__ABOUT THIS TASK__. Every line below from the one containing "This is 3.1 seconds after image 1." to the final line must be reproduced exactly, and no other line may appear in the answer.

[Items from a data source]
"""

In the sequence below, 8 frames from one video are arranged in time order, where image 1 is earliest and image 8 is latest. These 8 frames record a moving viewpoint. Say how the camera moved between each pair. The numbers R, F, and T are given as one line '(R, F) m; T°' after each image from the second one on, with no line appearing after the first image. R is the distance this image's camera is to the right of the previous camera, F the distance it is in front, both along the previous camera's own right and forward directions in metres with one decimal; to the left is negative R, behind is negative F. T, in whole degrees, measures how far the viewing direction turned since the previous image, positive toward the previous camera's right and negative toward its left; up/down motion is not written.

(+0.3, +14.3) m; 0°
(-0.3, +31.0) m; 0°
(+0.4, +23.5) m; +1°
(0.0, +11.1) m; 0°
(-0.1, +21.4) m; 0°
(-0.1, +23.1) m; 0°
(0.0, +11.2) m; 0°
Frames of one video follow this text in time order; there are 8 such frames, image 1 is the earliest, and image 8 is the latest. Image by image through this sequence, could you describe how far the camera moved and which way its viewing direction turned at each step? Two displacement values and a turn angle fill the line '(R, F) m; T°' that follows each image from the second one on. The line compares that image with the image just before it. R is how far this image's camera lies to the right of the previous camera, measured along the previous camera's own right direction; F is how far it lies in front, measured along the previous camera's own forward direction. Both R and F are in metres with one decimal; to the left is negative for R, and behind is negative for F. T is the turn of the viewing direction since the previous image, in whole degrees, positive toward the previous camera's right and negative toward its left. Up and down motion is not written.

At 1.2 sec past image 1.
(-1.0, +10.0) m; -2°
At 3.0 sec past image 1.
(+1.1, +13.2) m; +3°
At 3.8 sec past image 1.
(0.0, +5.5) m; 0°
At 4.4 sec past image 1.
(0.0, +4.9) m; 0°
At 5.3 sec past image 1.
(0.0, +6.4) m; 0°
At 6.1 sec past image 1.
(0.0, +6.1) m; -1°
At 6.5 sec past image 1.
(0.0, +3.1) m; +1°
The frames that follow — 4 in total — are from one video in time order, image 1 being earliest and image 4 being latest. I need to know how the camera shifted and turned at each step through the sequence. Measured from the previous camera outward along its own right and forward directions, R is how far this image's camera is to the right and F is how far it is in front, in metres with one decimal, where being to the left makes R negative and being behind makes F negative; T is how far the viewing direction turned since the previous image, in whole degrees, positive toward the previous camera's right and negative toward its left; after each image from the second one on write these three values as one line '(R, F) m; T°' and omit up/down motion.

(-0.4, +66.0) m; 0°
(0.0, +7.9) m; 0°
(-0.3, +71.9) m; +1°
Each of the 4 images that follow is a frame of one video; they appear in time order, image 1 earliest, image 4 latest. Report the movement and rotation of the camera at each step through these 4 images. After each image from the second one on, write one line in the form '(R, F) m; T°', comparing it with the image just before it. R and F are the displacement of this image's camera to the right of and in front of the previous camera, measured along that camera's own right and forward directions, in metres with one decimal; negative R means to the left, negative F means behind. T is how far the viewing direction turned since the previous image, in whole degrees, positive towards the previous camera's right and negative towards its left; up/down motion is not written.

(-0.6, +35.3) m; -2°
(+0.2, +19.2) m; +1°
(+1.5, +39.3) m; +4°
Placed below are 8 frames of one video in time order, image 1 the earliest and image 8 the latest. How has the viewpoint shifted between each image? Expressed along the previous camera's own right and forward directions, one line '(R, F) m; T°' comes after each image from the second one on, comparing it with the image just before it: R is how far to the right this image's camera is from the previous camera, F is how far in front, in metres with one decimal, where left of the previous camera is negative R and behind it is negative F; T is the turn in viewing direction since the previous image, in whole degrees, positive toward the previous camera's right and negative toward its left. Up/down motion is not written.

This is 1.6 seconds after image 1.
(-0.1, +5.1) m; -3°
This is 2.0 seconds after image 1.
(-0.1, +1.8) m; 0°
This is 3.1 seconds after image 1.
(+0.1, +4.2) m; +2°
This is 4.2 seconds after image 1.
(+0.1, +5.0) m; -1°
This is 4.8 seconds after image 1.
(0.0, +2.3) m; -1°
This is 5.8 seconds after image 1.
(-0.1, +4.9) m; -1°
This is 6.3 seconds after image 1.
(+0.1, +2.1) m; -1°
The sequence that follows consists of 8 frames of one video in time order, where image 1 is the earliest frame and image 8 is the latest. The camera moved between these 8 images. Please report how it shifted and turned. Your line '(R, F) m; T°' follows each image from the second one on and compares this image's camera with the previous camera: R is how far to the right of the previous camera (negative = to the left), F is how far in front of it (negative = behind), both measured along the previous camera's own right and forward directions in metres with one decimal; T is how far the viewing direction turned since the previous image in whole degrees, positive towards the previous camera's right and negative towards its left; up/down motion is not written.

"""

__TASK RESULT__.
This is 3.1 seconds after image 1.
(+0.1, +4.2) m; +2°
This is 4.2 seconds after image 1.
(+0.1, +5.0) m; -1°
This is 4.8 seconds after image 1.
(0.0, +2.3) m; -1°
This is 5.8 seconds after image 1.
(-0.1, +4.9) m; -1°
This is 6.3 seconds after image 1.
(+0.1, +2.1) m; -1°
The sequence that follows consists of 8 frames of one video in time order, where image 1 is the earliest frame and image 8 is the latest. The camera moved between these 8 images. Please report how it shifted and turned. Your line '(R, F) m; T°' follows each image from the second one on and compares this image's camera with the previous camera: R is how far to the right of the previous camera (negative = to the left), F is how far in front of it (negative = behind), both measured along the previous camera's own right and forward directions in metres with one decimal; T is how far the viewing direction turned since the previous image in whole degrees, positive towards the previous camera's right and negative towards its left; up/down motion is not written.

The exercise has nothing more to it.